Follow me on Twitter, happy to take your feedback and comments.
Distributed systems, stream processing, and Big Data systems are taking the headlines. BUT, WHY do we need them?
- 4 Reasons for building distributes system and how Kubernetes can help us get started.
What is a web app?
A web app is an application that can be accessed over the network, usually over the network via a web browser. It contains both a server and a client. The client contains the user interface and client-side logic. The server usually contains the database, some logic and can use other servers. At the server-side, we often define an API for the server and client to communicate through. This is the language they are communicating. The server can communicate with other servers using the same API as well. There are many ways to define API, the one I like most is by Petr Gazarov.
That’s all nice, but what is distributes web app and why do I need it?
A distributed system is a system with components on multiple machines that communicate over a network by passing messages to one another. Its components often located on a different network of computers and they communicate via passing messages to one another. The messaging protocol and the way they communicate is defined by a specific API that is built to support this cause. Using the message system they coordinate their actions using a communication model. A common model of communication is the master/slave. Where we have one master that control the flow and multiple slaves that acts upon the tasks given from the master_._ This communication model is implemented in Apache Spark, it is called driver and executors, where the driver is the master, and the executors are the slaves.
There are multiple ways of architecting a distributed system with various communications models like client–server, three-tier, n-tier, or peer-to-peer; or categories: loose coupling, or tight coupling. But, today we are going to focus on the why.

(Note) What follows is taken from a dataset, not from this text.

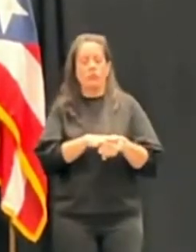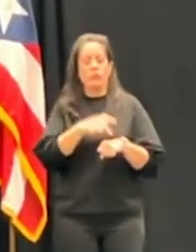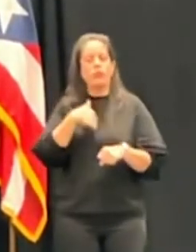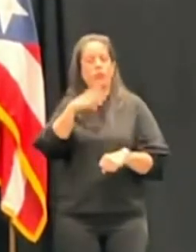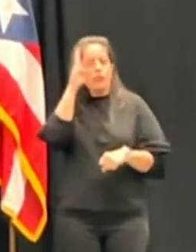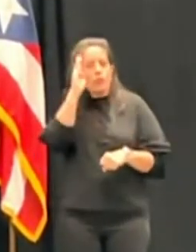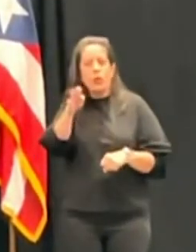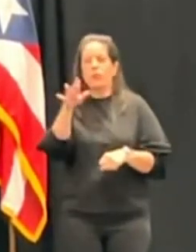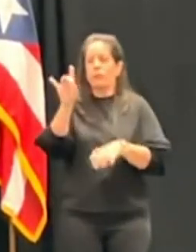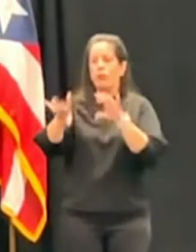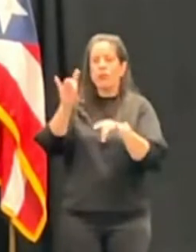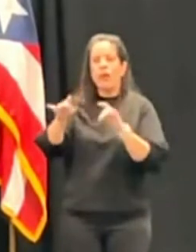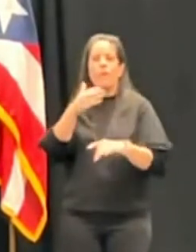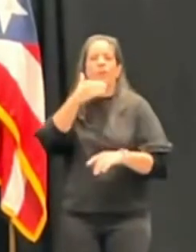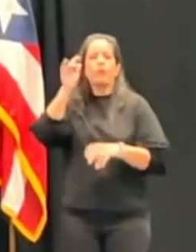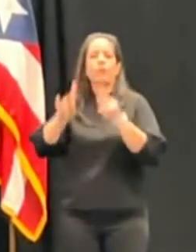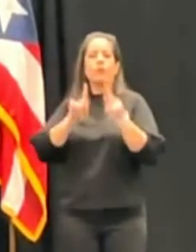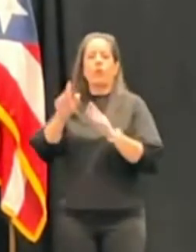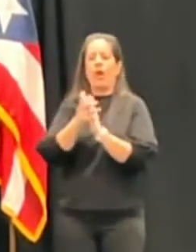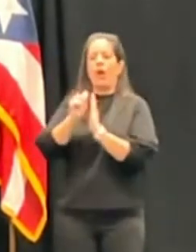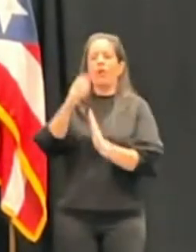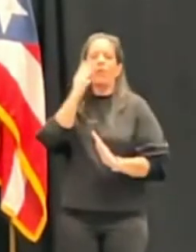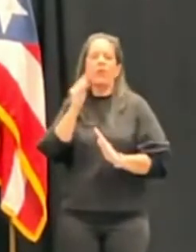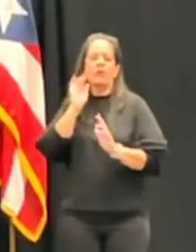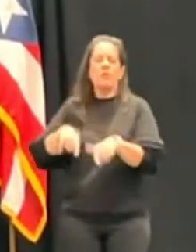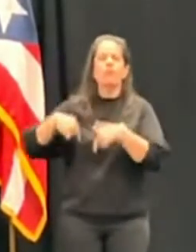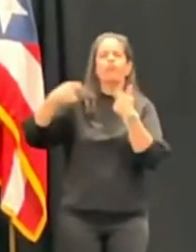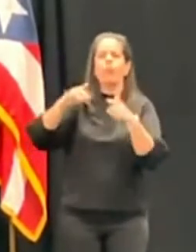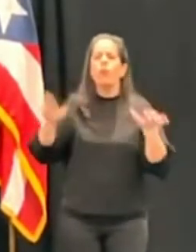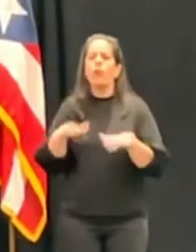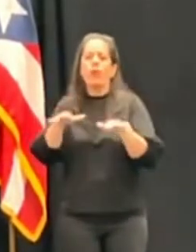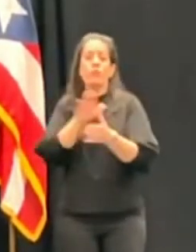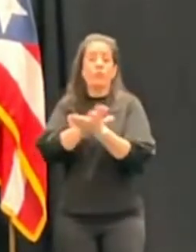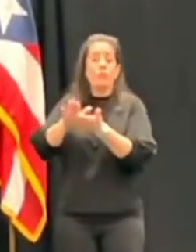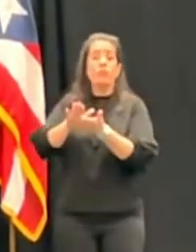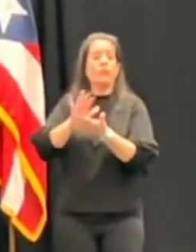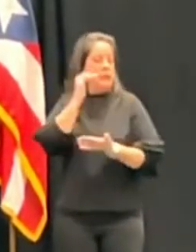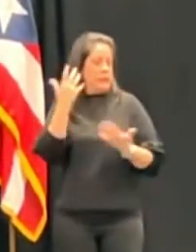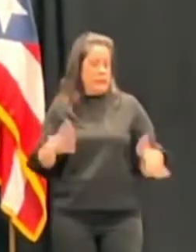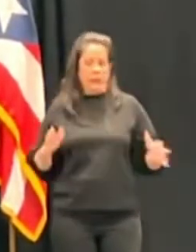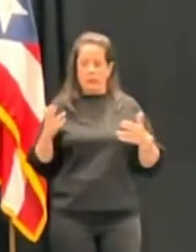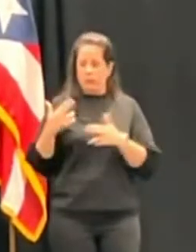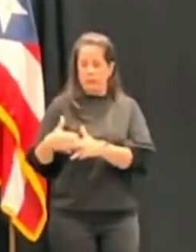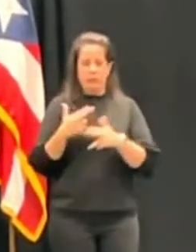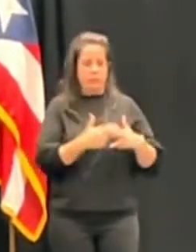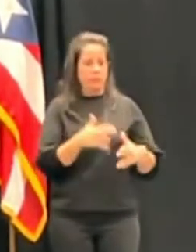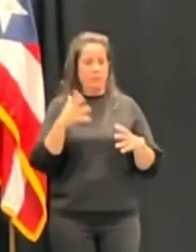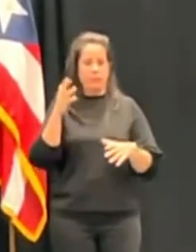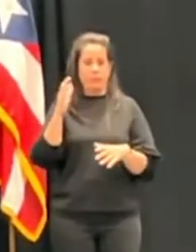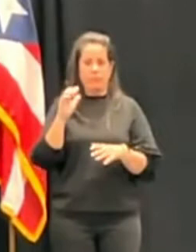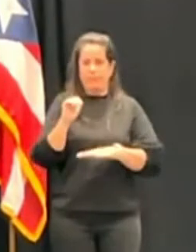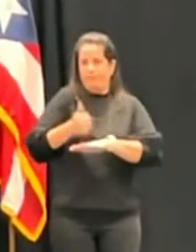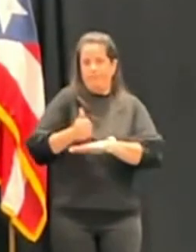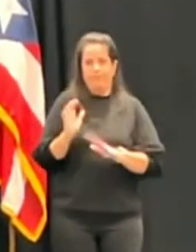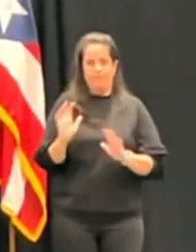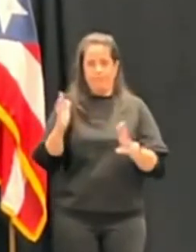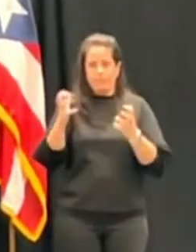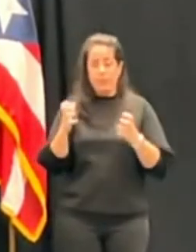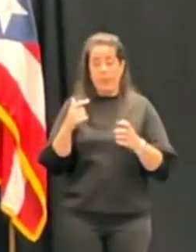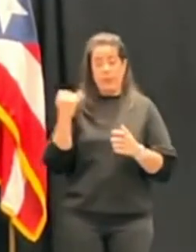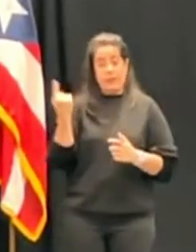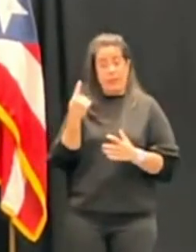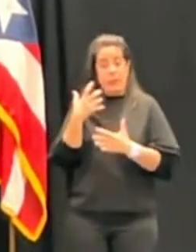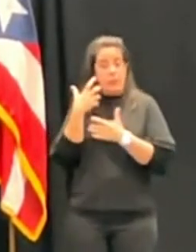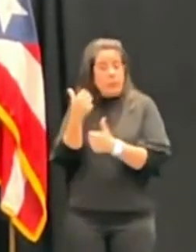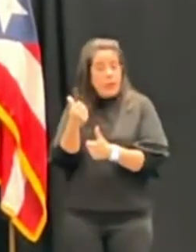funcionarios para que le sirvan al pueblo de Puerto Rico. Así que estos serían mis nominados para estas posiciones, siempre confiando

So, Why do we need a distributed system?
Let’s say that we build a web app. At the beginning we serve 100 happy customers, our product grows and within a year, we now need to serve 10 million customers. We would like to serve these customers as fast as possible, without them feeling latency. On top of that, we would like the app to be available at all times, no matter what. And, we want the app to perform its intended functionality fully, meaning, we need Reliability.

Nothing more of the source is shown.